▶ **Task brief**: Search the records for the word "path" and report each line that has it.

▶ **The data**:
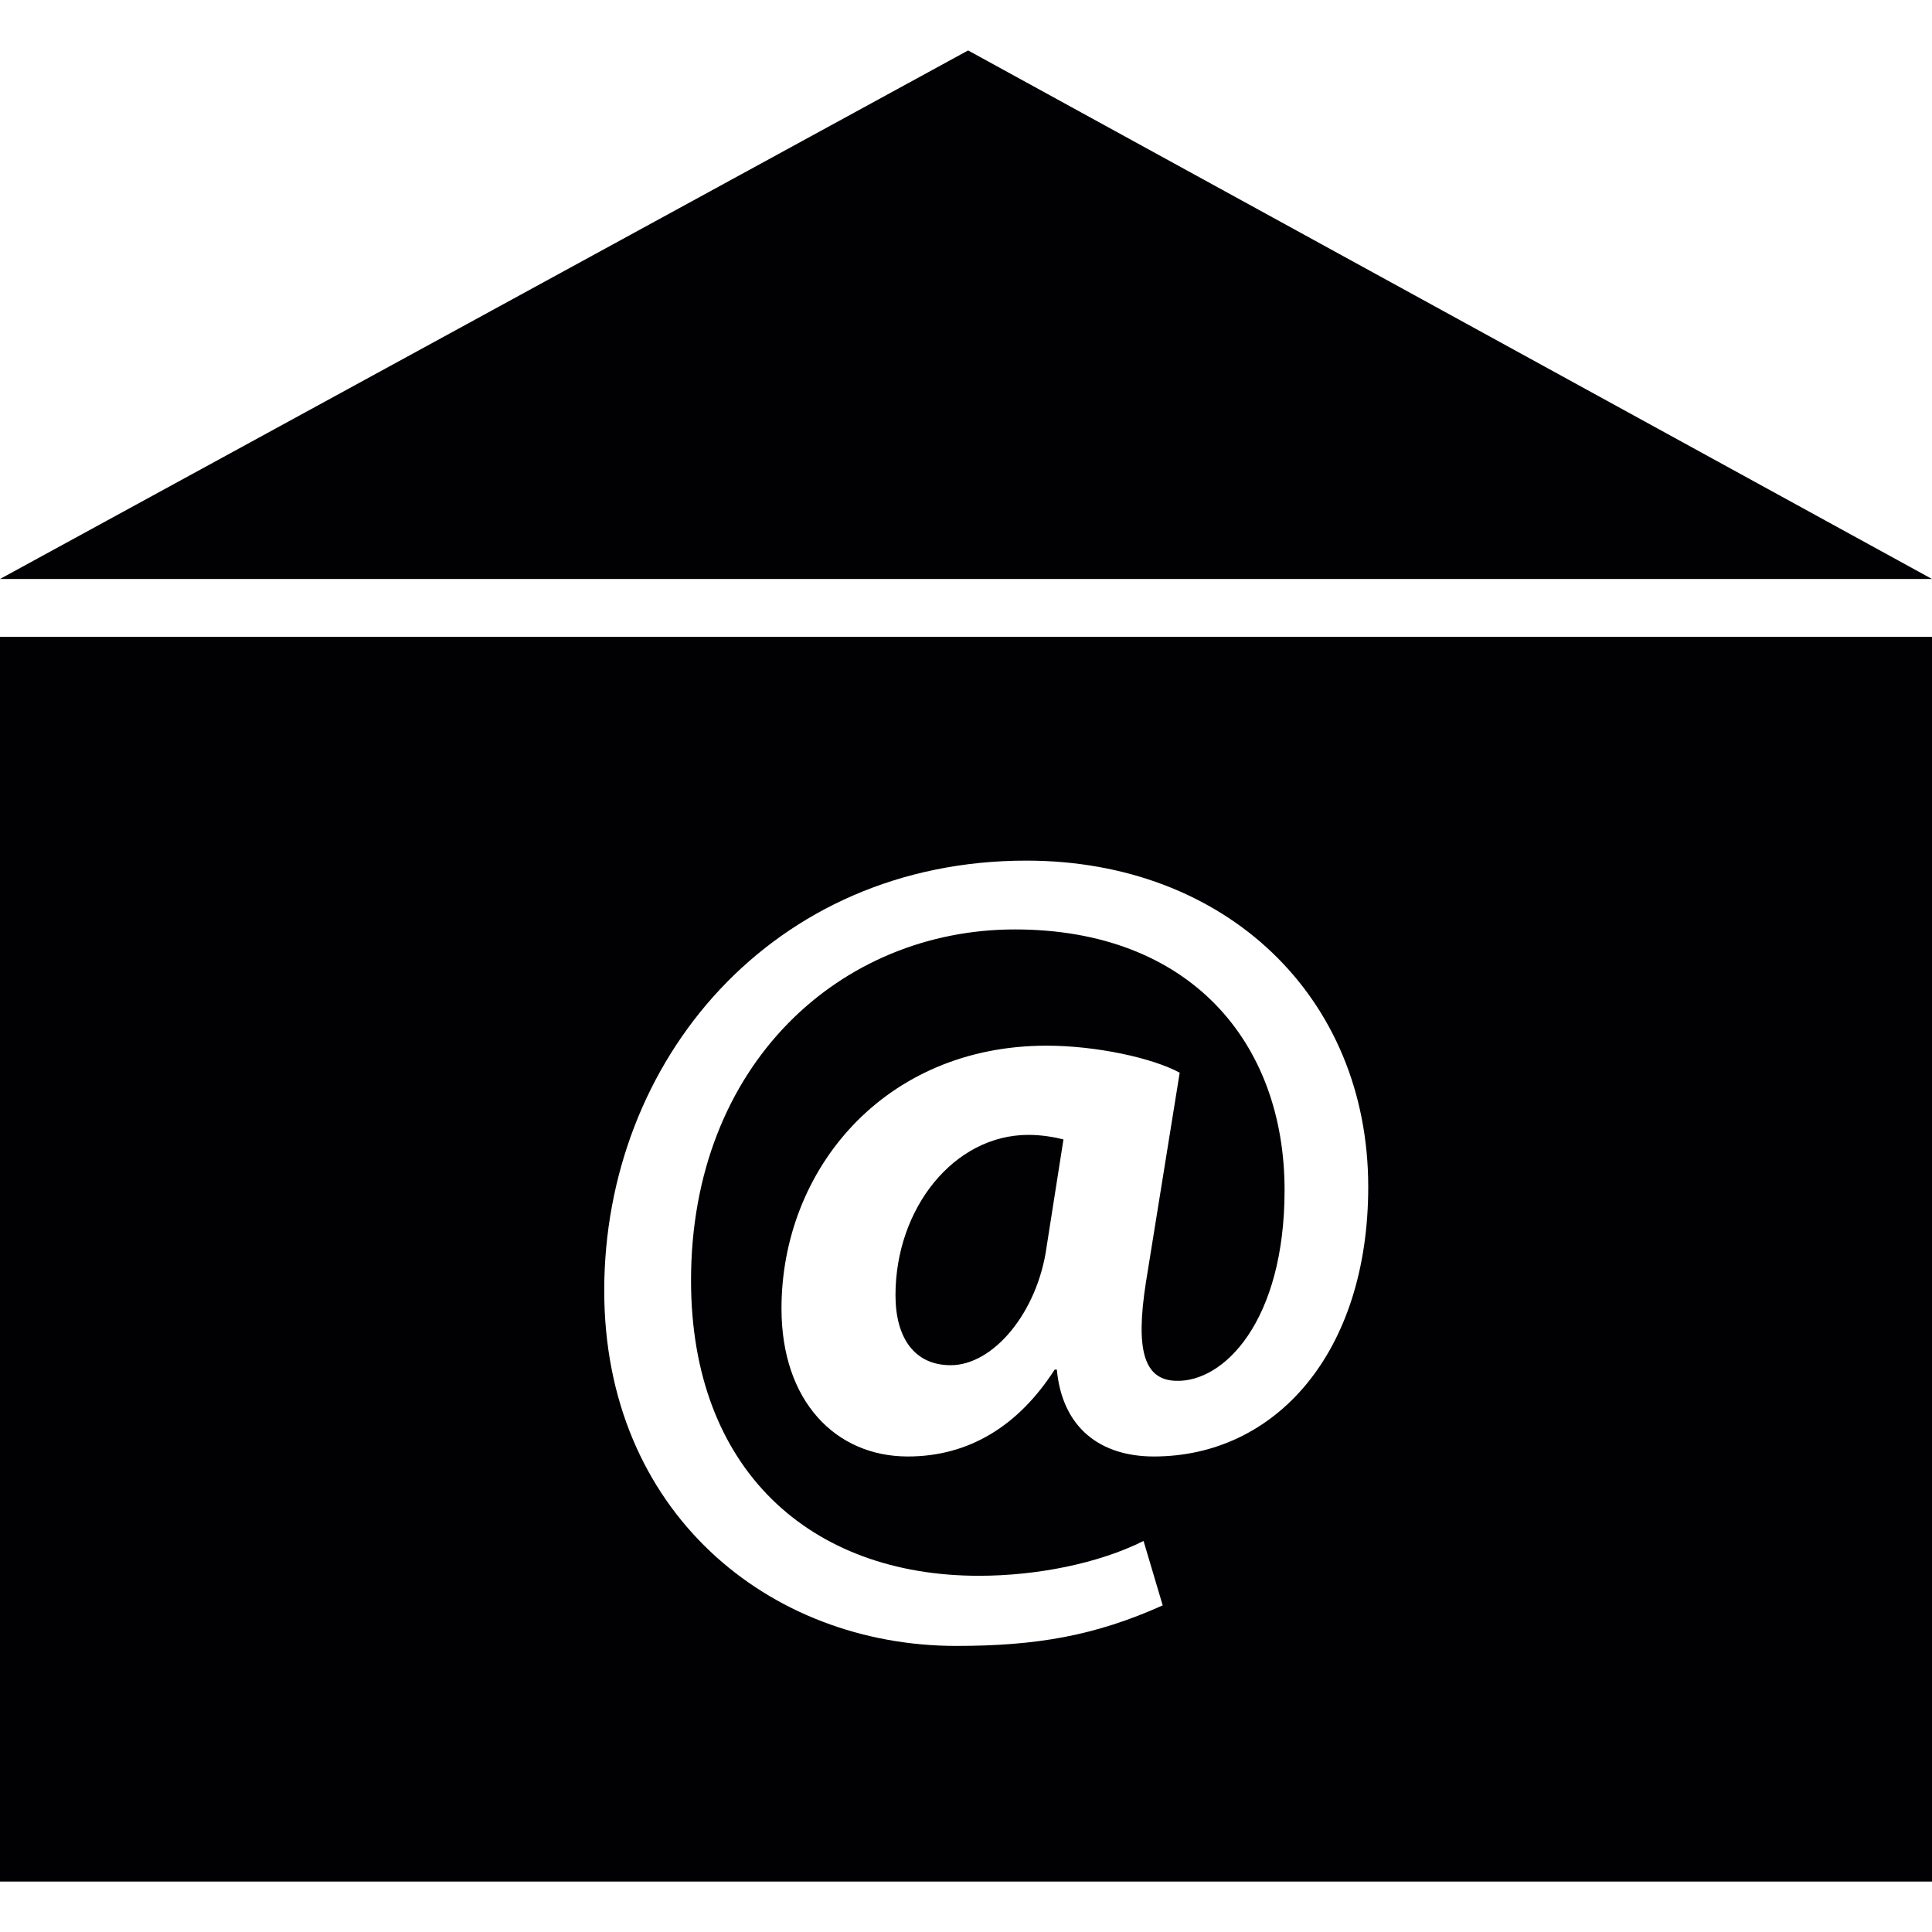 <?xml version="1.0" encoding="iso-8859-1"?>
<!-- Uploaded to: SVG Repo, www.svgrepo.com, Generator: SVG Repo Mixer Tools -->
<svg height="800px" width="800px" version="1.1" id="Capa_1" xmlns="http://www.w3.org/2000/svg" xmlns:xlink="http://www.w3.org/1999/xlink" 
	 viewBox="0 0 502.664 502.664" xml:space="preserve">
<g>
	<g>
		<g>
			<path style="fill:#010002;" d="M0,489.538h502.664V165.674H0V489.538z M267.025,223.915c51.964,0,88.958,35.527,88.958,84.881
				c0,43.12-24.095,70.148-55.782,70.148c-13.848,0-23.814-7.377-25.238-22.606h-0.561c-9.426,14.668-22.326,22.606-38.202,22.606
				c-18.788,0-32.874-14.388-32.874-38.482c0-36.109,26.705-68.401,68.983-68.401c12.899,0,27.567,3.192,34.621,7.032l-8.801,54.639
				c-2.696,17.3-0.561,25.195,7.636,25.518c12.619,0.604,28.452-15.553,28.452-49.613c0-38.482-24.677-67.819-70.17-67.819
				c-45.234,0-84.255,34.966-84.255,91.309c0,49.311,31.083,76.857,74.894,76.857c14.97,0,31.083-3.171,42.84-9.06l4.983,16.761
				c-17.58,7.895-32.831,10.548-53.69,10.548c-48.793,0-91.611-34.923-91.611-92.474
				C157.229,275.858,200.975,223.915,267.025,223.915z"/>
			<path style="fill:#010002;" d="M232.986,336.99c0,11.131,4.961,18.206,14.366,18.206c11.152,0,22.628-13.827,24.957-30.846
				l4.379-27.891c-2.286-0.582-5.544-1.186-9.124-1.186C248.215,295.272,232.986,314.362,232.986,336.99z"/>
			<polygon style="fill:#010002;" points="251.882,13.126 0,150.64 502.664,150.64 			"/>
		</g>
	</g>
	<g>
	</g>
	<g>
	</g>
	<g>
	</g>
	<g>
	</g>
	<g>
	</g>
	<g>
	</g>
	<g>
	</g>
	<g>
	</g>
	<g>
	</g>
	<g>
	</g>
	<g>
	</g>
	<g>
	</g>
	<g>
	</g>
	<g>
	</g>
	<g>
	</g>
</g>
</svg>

▶ **Solved exercise**:
			<path style="fill:#010002;" d="M0,489.538h502.664V165.674H0V489.538z M267.025,223.915c51.964,0,88.958,35.527,88.958,84.881
			<path style="fill:#010002;" d="M232.986,336.99c0,11.131,4.961,18.206,14.366,18.206c11.152,0,22.628-13.827,24.957-30.846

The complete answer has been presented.